Sabah olduğunda yerde yatıyordum ve etrafımdaki her şey dağınıktı. Güneş ışığı perdelerin arasından süzülerek kapalı gözlerime ulaşıyordu. Birkaç saniye sonra gözlerimi yavaşça açmaya başladım, nerede olduğumu anlamaya çalışıyordum. Oturdum, üzerimde beyaz bir elbise vardı. Etrafıma bakındım, daha önce hiç görmediğim bir odadaydım. Bir şeyler hatırlamak umuduyla saçlarımı ovuşturarak ayağa kalktım ve odada yürümeye başladım. Sağ elimde bir ayna vardı. Ona baktım, yüzüm hafif makyajlıydı , çok güzel görünüyordu ve gözlerimin etrafı simlerle kaplıydı , saçımın özenle yapıldığı belliydi ama geçirdiğim derin uyku yüzünden mahvolmuştu. Aynada kendimle karşılaşınca geri geri adım attım, kafam çok karışıktı, bir şeyler hatırlamaya çalışıyordum. Odaya tekrar baktım, sonra bir otel odasında olduğumu anladım. Pencereye yaklaştım ve dışarı baktım. Otelin çok yüksek bir katında kalıyordum. İç çektim. Sonra odanın kapısı çalındı. Açmaya gittim.

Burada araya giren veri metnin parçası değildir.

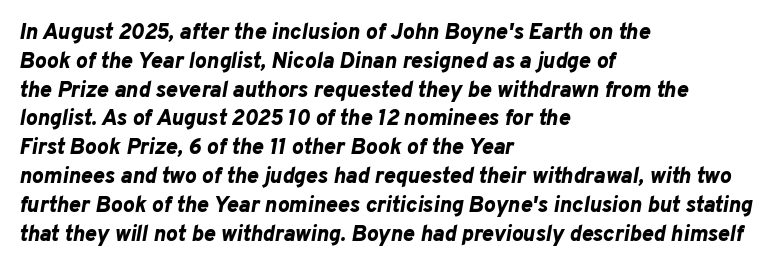
Q: Is the text bold? A: Yes.
Q: Is the text italic (slanted)? A: Yes, it leans right by about 10 degrees.
Q: Is the text underlined? A: No.
Q: How is the paragraph aligned? A: Left-aligned.
Q: Is the spacing between letters normal or unusually wide? A: Normal.
Q: Is the spacing between lines tight, normal or loose? A: Normal.
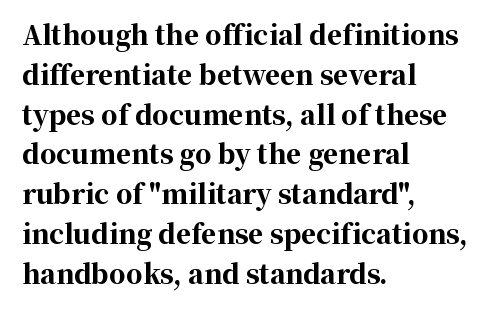
Q: Is the text bold? A: Yes.
Q: Is the text italic (slanted)? A: No, it is upright.
Q: Is the text underlined? A: No.
Q: How is the paragraph aligned? A: Left-aligned.
Q: Is the spacing between letters normal or unusually wide? A: Normal.
Q: Is the spacing between lines tight, normal or loose? A: Normal.
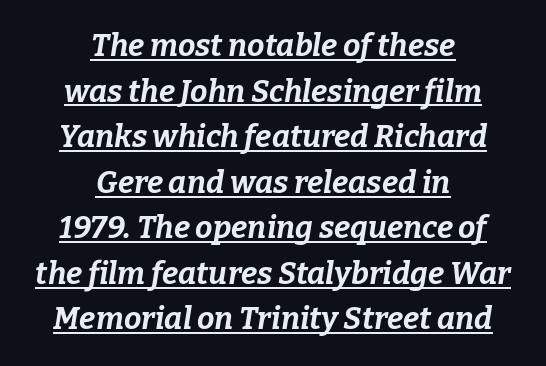
The image shows 31 px bold type, italic (leaning right); set centered, normal line spacing (1.47x), normal letter spacing, underlined; low stroke contrast and a medium x-height.
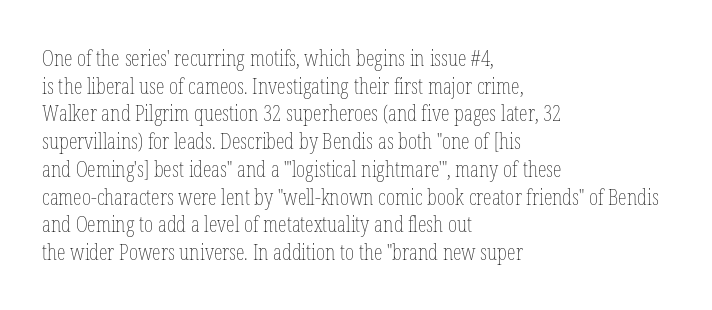
The typeface has the unassuming heft of standard copy or less. Vertical strokes here are truly vertical. A clean baseline with only descenders dipping below it. Default kerning and tracking; the words read as compact shapes.
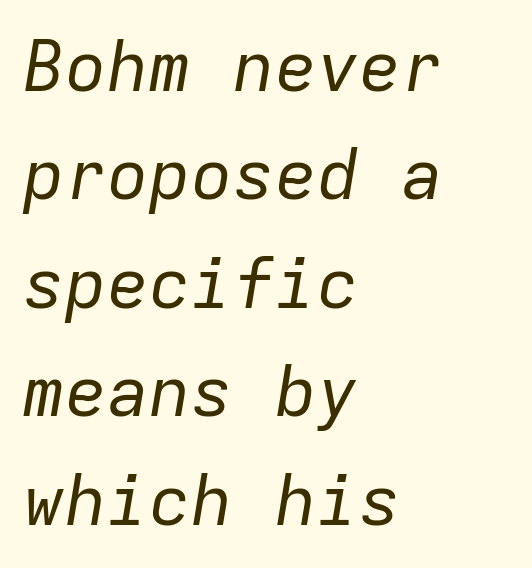
Successive baselines arrive at the customary interval. The passage shown leans; its letterforms are oblique. The baseline area is clear. This rendering uses left alignment, leaving the right contour irregular. Monospaced: the letters line up in strict vertical columns.
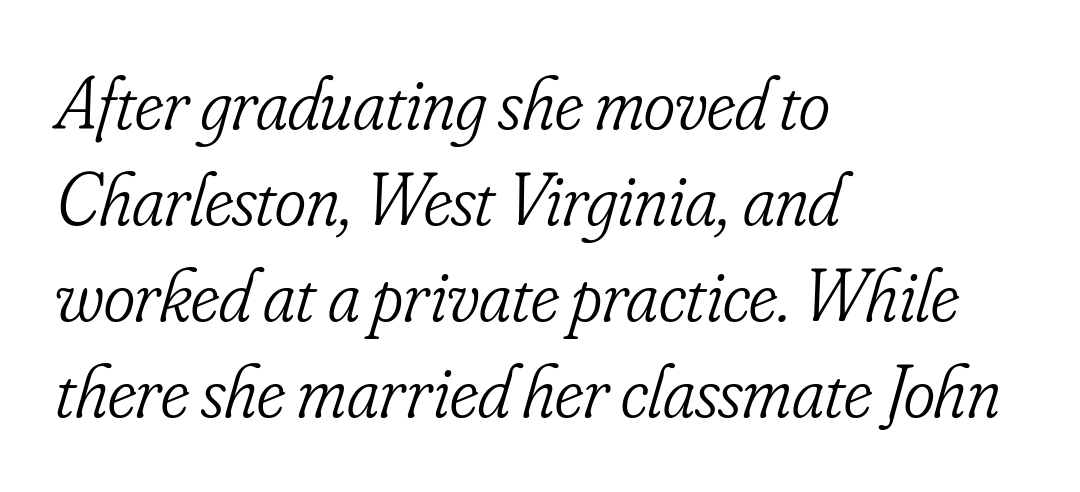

"Günaydın Rosie hanım." Ona şaşkınlıkla baktım ve sordum, "Sen kimsin? Ve adımı nereden biliyorsun?" "Burada çalışıyorum. Bu otel odası dün gece sizin adınıza tutulmuş." "Ne?!" "Kahvaltıyla birlikte. Bu yüzden size kahvaltı getirdim." Ağzım açık kalmıştı , hiçbir şey anlamamıştım. Bir sabah hiçbir şey hatırlamadan uyanmak nasıl mümkün olabilirdi? Ona şaşkın şaşkın baktıktan sonra, "Tamam, teşekkür ederim, buraya bırakabilirsin" dedim. "İyi günler." "Size de !" Tam gidecekti ki durdu ve yüzünü çevirerek, "Bu arada Rosie Hanım , kocanız dün gece çıkarken bunu düşürmüş." dedi. "Ne?!!!" diye bağırdım. Sonra anahtarlığı elime aldım ve "Dün gece giderken! Benim kocam mı? Sen iyi misin? Ben evli bile değilim." Şaşkın bir şekilde elbiseme baktı ve "Özür dilerim, öyle demek istemedim ama dün gece siz baygınken sizi taşıyordu ve ben çantaları bu odaya çıkarırken bana kocanız olduğunu söyledi" dedi. Ağlamak üzereydim, içimi çektim ve yavaşça ona sordum, "Dün gece... Benimle olduğunu söyleyerek... Beni taşıyarak... Gittiğinde... Tam olarak ne bıraktı? Yani otel odamda mıydı?" "Evet. İkiniz neredeyse gece yarısı geldiniz ve o üç saat kaldı gece 3:00 gibi ayrıldı." Kaşlarımı kaldırdım hiçbir şey söylemeden durakladım. Sonra adam bana, "Rosie hanım, iyi misiniz?" diye sordu. Ona baktım, "Gelip gelmeyeceğini ya da başka bir şey söyledi mi?" "Hayır." "Tamam, teşekkür ederim." "Elbette. Yardıma ihtiyacınız olursa lütfen bana haber verin.” Başımı hareket ettirdim (Evet.) Sonra otel odasının kapısını kapattım ve anahtarlığa bakmaya devam ettim.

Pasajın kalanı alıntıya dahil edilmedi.